小橋建太のFortune Dreamが10周年!井浦新が小橋とのトークバトルで“オレンジ→黒”への熱い思いを語る!長与千種を継ぐ里村が日本3年ぶりの試合で彩羽とともに激勝!

オープニング



 『がんの子どもを守る会』をサポートしている小橋建太およびエニタイムフィットネスの面々がリングに登場し、強い体を作るために観衆とともに10回スクワット。募金箱を持って観客席を練り歩き、子どもたちのために寄付を呼びかけた。

 その後、改めてリングに登場した小橋が開会宣言を行った。

小橋「皆さんこんばんは!小橋建太です!本日はFortune Dream9後楽園ホール大会にご来場いただきまして誠にありがとうございます。
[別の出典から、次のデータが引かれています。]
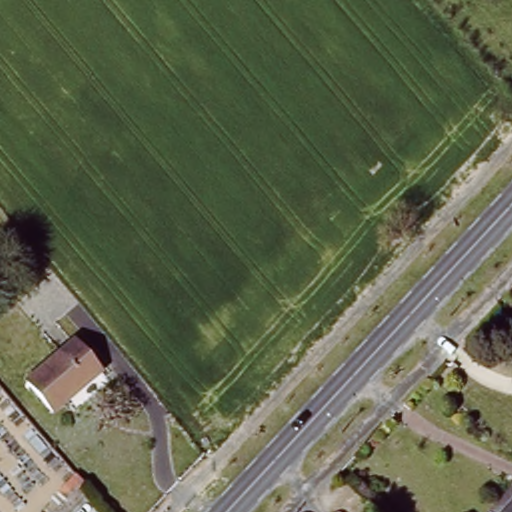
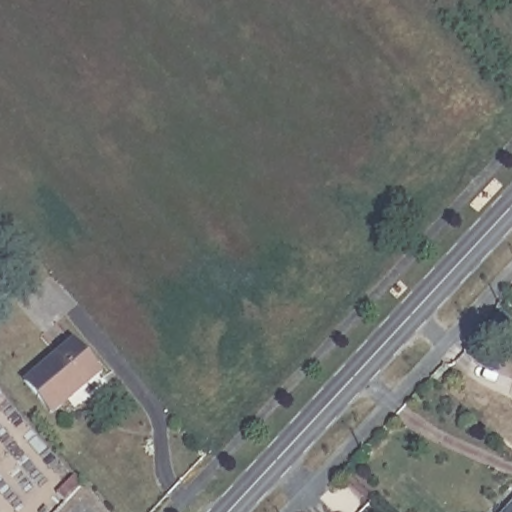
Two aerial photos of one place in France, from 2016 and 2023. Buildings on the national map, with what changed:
unchanged [(67,344),(94,375),(47,416),(20,384),(67,344)]
unchanged [(508,512),(512,508),(512,512),(508,512)]

Fortune Dream、こんな素晴らしい試合を6試合マッチメイクすることが出来ました。本当に選手の皆さん、団体の皆さんに感謝します。Fortune Dreamのコンセプト、それは熱い試合。熱い試合です。これからこのリングでFortune Dreamのリングで選手たちが熱い試合をします。皆さん、熱い声援、熱い応援を選手にしてください。(※観衆の1人が「はいっ!」と元気よく返事)いい返事です!(笑)みんなで、みんなで熱い空間を作りましょう!よろしくお願いします!それでは開会宣言をしたいと思います。分かりますね?皆さん握りこぶしを作ってください。いいですか?Fortune Dream9、行くぞーッ!オーッ!どうもありがとうございます!」

第1試合


 先発はウナギと土井でゴング。

 ロックアップでの力比べとなり、押し込んだウナギが離れ際にチョップ。さらに土井のエルボーを避けていき、田中とともにコンビネーション攻撃。田中が土井をキャメルクラッチで固め、ウナギがスライディング・キック。さらに2人でエルボードロップ。さらにウナギがエルボー連打。土井が「来いよ来いよ!そんなもんか!」と挑発していき、強烈なエルボー一発でウナギをひるませる。土井がサミングからの顔面踏みつけを行うと、場内は大ブーイング。世羅にタッチ。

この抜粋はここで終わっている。